Abstract

The four-step travel demand model (FSTDM) is the most widely used technique in practice for estimating traffic flow pattern in the transportation network. Traffic assignment problem (TAP) is a key step of the four-step process that determines the flow pattern which forms the basis for scenario analysis of a transportation improvement project. In many cases, different scenarios may differ by little, but FSTDM may lead to network flows which differ significantly or suggest improvements which are inconsistent with the network situation. This inconsistency arises due to solution noise. There are two main sources of this noise; first, the interdependency between the trip distribution and trip assignment steps of FSTDM, and second, the lower level of convergence in the traffic assignment step. This paper presents a methodology to address the aforementioned two issues by a post-processing technique incorporated through a feedback mechanism in the FSTDM. The post-processing technique consists of SMPA-hybrid, perturbation assignment and Origin-Destination (O-D) prioritization schemes. SMPA- hybrid is an improved implementation of traffic assignment algorithm labeled slope-based multi-path algorithm (SMPA) developed by Kumar and Peeta (2010). There are three methodological contributions of this paper.

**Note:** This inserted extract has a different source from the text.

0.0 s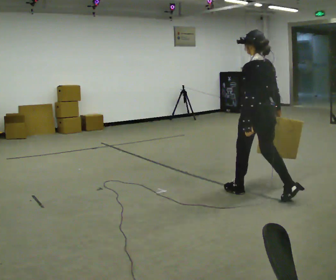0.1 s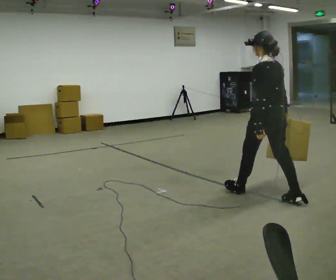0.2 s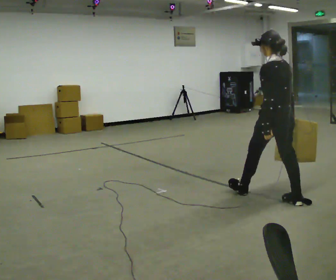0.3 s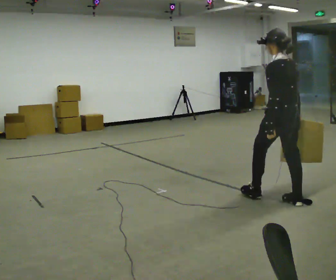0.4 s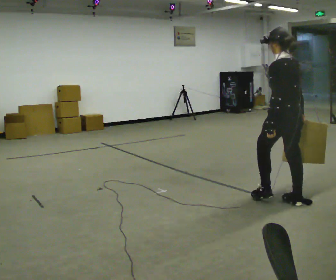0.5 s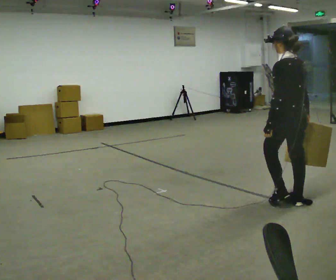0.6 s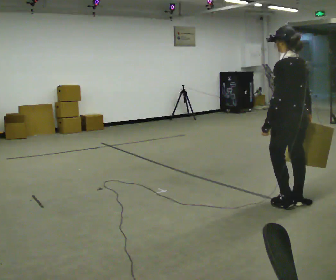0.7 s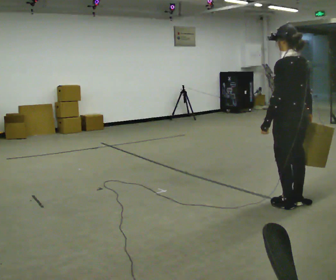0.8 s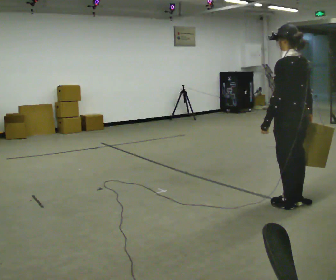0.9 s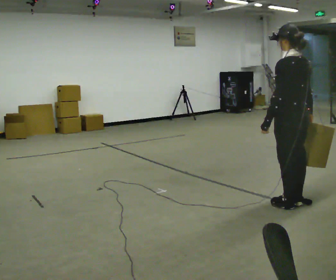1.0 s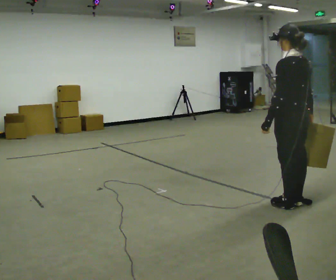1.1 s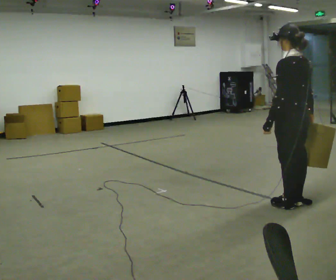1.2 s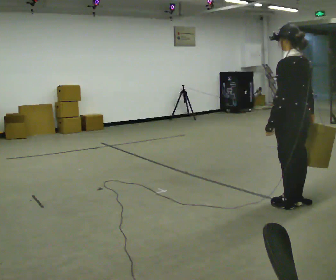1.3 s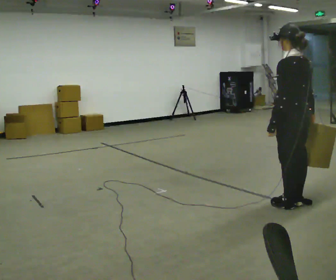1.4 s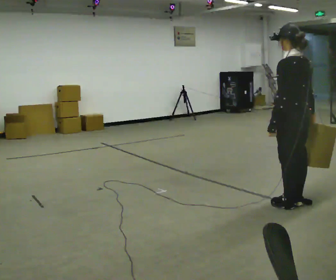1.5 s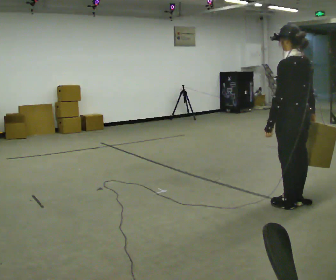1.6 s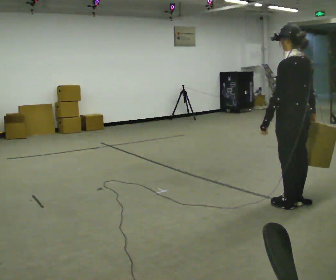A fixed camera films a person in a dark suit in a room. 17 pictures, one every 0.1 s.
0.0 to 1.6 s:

First, the paper presents an enhanced travel demand modeling framework, second, it formulates a hybrid approach by combining the merits of sequential approach and simultaneous approach of solution algorithms for the TAP, and third, it provides a methodology for the O-D prioritization in TAP. The results of computational experiments suggest that the SMPA-hybrid has a superior rate of convergence compared to the SMPA. The results further reveal that a warm start using perturbation assignment and O-D prioritization has significant benefits over the base case of cold start and non-prioritized implementation of the SMPA-hybrid.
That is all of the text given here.